Com base em registros históricos, administrativos e jurídicos, os preços dos grãos dispararam, e as preocupações com a segurança alimentar pareceram mais pronunciadas entre 1346 e 1347. “Mesmo grandes potências como Veneza e Gênova sentiram repentinamente a necessidade urgente de importar o máximo possível de grãos”, diz Bauch.
Nos anos anteriores, uma guerra comercial entre essas cidades-estado e os mongóis, que controlavam grande parte do norte do Mar Negro, interrompeu as importações de grãos da região, diz Barker. Mas, à medida que os mongóis morriam de peste e Veneza e Gênova ficavam cada vez mais desesperadas por trigo, ambos os lados se tornaram menos interessados na guerra comercial, permitindo que os navios levassem suas mercadorias — e a peste — para as cidades-estado italianas.
As pulgas portadoras de patógenos podem se alimentar tanto do pó dos grãos quanto do sangue de ratos e camundongos nos navios de grãos. “Fazer a paz e reabrir o comércio de grãos é o que causa a propagação”, diz ela.

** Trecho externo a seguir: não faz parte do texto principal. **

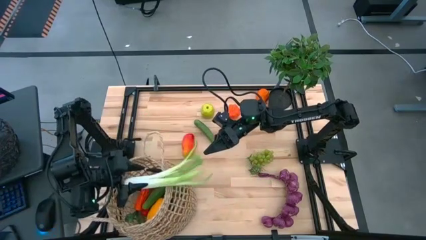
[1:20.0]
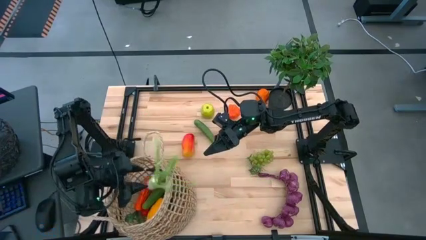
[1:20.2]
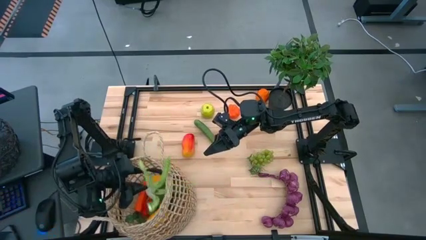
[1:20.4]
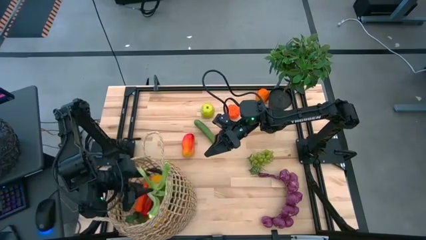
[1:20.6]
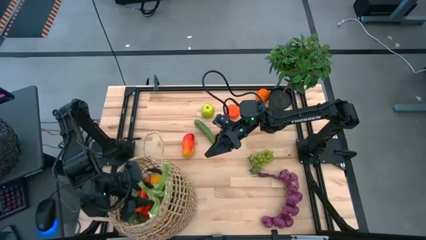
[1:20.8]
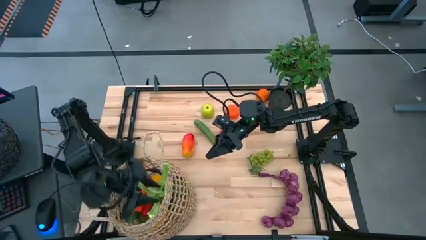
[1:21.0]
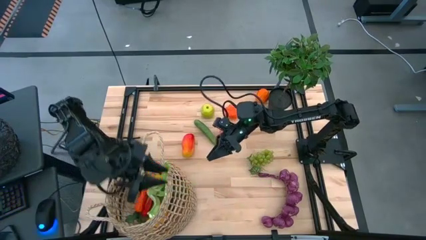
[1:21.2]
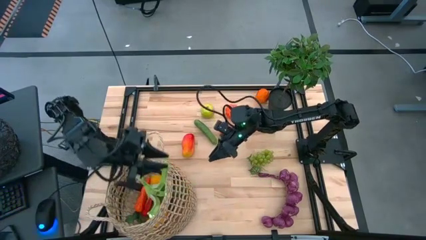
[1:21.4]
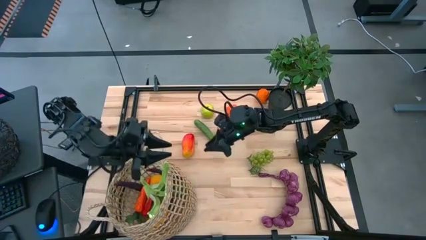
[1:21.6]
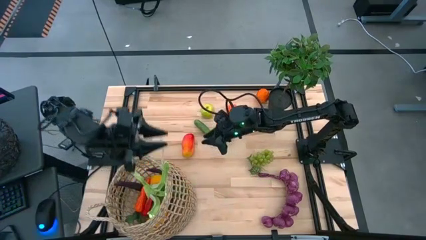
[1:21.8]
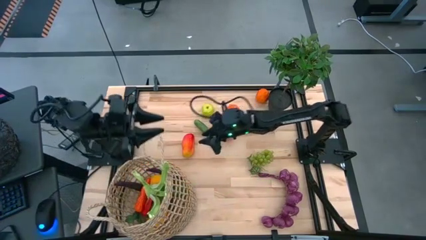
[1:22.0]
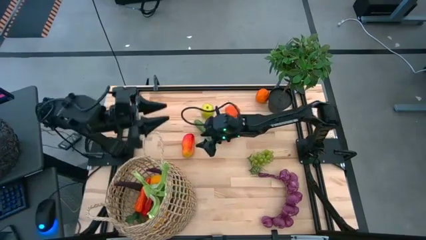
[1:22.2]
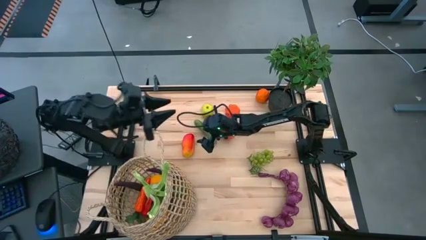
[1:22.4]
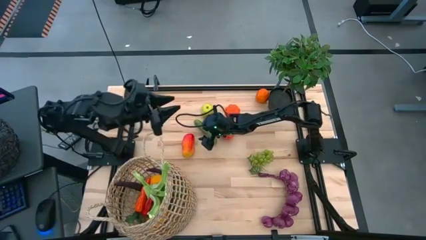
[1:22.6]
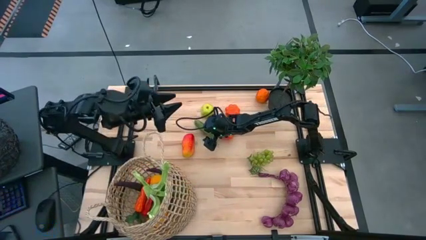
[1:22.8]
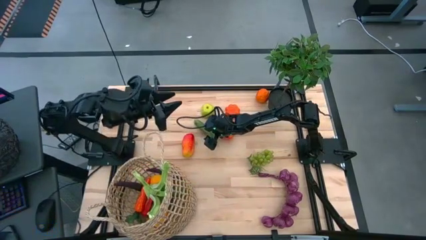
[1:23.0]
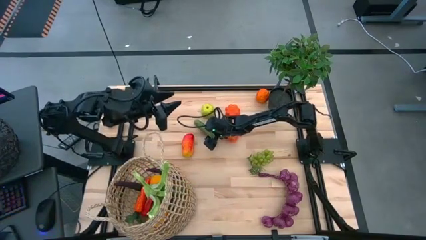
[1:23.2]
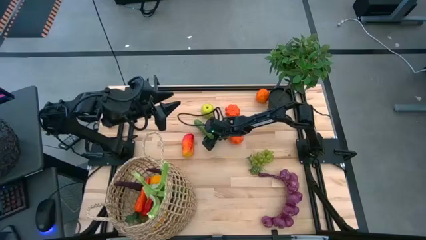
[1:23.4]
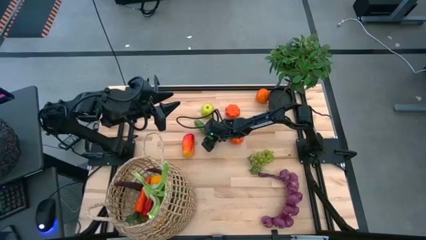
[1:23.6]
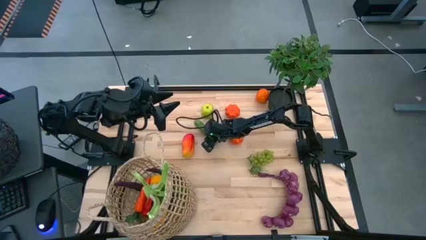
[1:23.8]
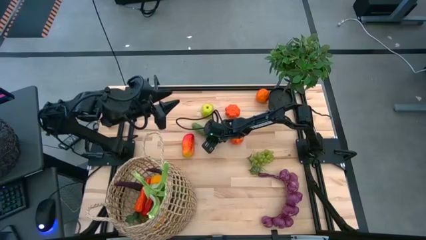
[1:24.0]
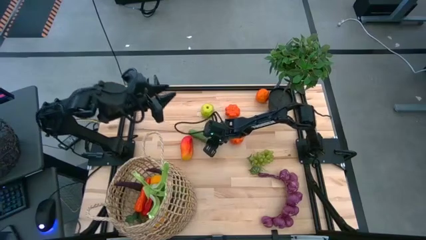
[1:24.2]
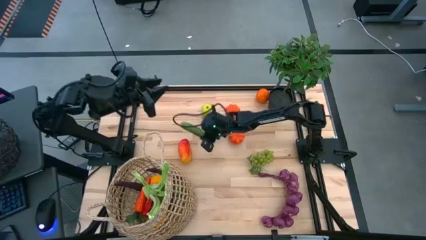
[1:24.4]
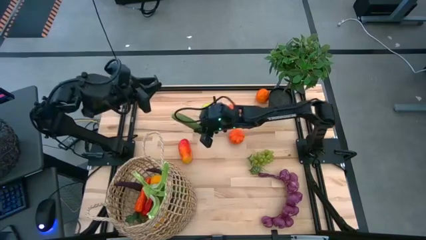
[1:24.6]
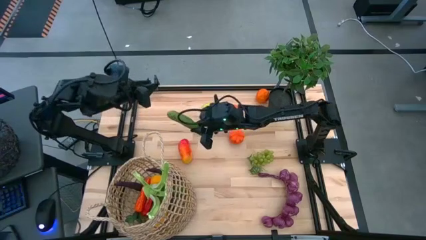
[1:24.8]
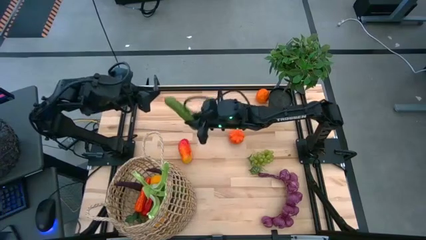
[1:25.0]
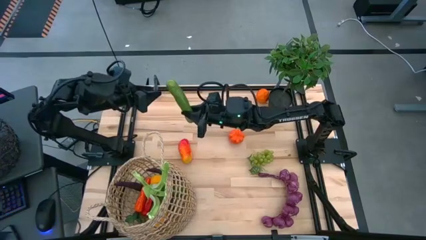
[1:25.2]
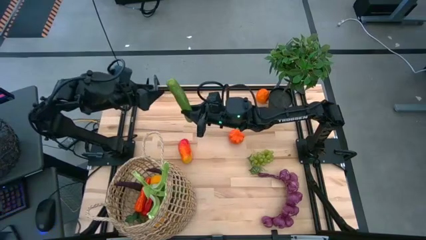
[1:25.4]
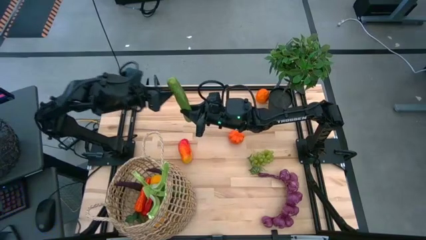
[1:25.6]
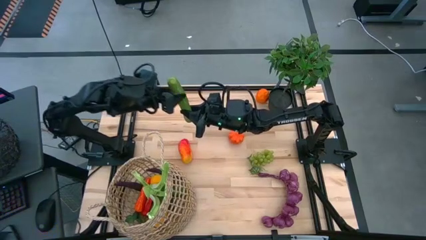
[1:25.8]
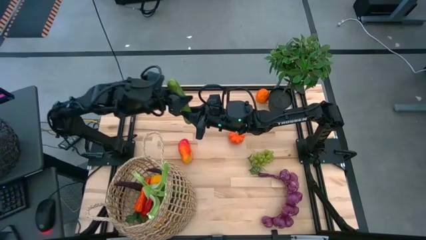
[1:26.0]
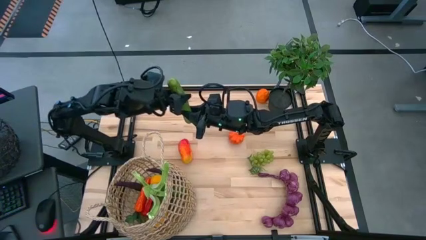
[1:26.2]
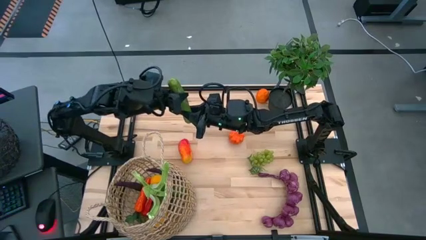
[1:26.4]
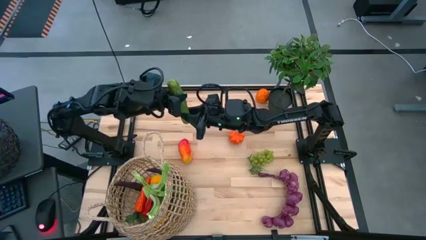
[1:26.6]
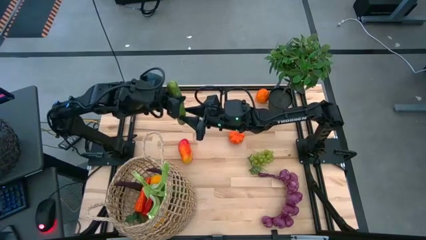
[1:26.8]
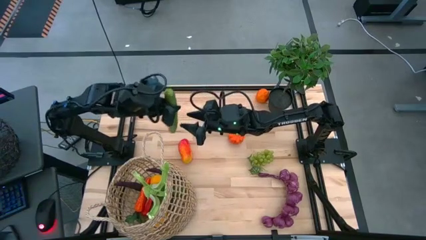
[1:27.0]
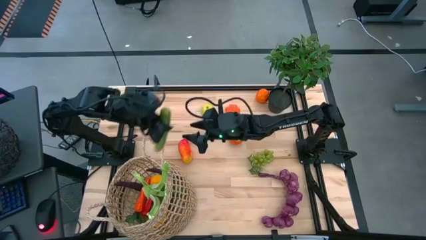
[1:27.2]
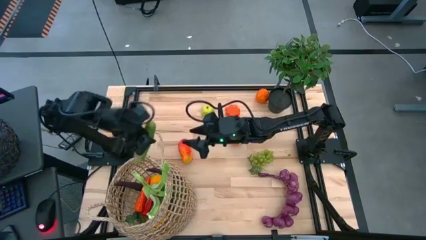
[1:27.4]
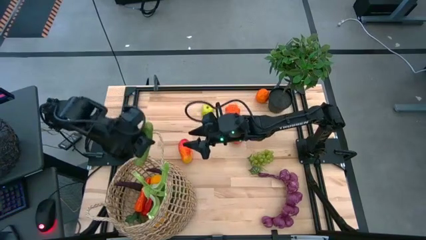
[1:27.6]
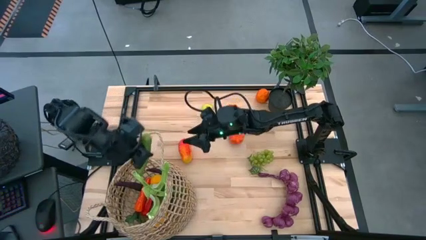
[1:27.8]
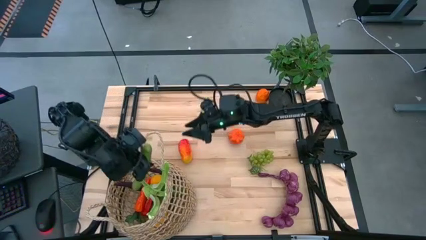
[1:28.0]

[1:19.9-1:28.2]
Task: Build produce basket
Put the cucumber into the basket

No geral, as cidades-estado marítimas conseguiram evitar a fome, diz Bauch. “No entanto, elas trouxeram o pior perigo que se pode imaginar para suas cidades.” Os venezianos enviaram parte dos grãos importados para Pádua e Trento, o que pode ter desencadeado surtos de peste nessas cidades. No final de 1348, muitos locais na Itália e ao redor do Mediterrâneo haviam sofrido com a Peste Negra.

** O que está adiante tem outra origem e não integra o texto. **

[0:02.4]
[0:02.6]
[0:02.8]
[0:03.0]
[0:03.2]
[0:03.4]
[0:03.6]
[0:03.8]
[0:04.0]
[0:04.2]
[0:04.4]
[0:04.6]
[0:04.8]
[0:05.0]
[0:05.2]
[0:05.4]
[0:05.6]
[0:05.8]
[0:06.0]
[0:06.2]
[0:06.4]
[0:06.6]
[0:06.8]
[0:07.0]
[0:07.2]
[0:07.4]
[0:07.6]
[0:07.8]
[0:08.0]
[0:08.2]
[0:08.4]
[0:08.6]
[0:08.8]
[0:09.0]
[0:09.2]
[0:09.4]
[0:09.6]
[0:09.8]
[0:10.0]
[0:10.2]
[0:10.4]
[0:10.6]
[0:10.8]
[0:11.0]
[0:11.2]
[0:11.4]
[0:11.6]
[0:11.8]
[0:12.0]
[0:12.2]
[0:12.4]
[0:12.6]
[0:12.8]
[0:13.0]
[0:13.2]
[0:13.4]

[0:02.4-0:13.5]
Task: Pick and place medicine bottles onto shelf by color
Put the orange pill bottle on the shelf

O quadro "O Triunfo da Morte", que está no Museo del Prado e foi feito em 1562, reflete a agitação social e o terror desencadeados pela Peste Negra.
As conexões climáticas que possivelmente levaram à Peste Negra
Barker, em um artigo publicado em 2021, já havia relacionado o comércio de grãos à propagação da peste. Mas a conexão com a atividade vulcânica ainda não era conhecida. “Esta é mais uma prova de que historiadores trabalhando em conjunto com paleocientistas levam a bons resultados”, diz Timothy Newfield, historiador especializado em doenças da Universidade de Georgetown, em Washington D.C., Estados Unidos, que não participou do trabalho. Normalmente, os historiadores pesquisam, escrevem e publicam sozinhos, diz ele. O trabalho “eleva o padrão de como estudamos a relação entre as pragas do passado e o clima”.
Esse tipo de estudo, que combina fontes históricas com registros climáticos, pode ajudar os pesquisadores a entender melhor o que leva ao surgimento e à transmissão de doenças, afirma Kyle Harper, historiador da Universidade de Oklahoma, em Norman, que não participou deste estudo.
Embora a mortalidade humana por infecções por Yersinia pestis tenha caído drasticamente, sua relevância científica persiste. No geral, antibióticos, vacinas e acesso à água potável reduziram significativamente a taxa de mortalidade por doenças infecciosas, diz Harper. Portanto, os pesquisadores precisam olhar para o passado em busca de estudos de caso para entender melhor os fatores em jogo, especialmente a relação entre mudanças climáticas e saúde.
A coincidência de eventos necessários para produzir os “surto impressionantes” da peste ocorreu algumas vezes ao longo da história, diz Harper. Portanto, os pesquisadores devem aprender com eles. “A Peste Negra é extremamente improvável”, diz Harper. “Se você estiver calculando as probabilidades, isso nunca deveria acontecer.”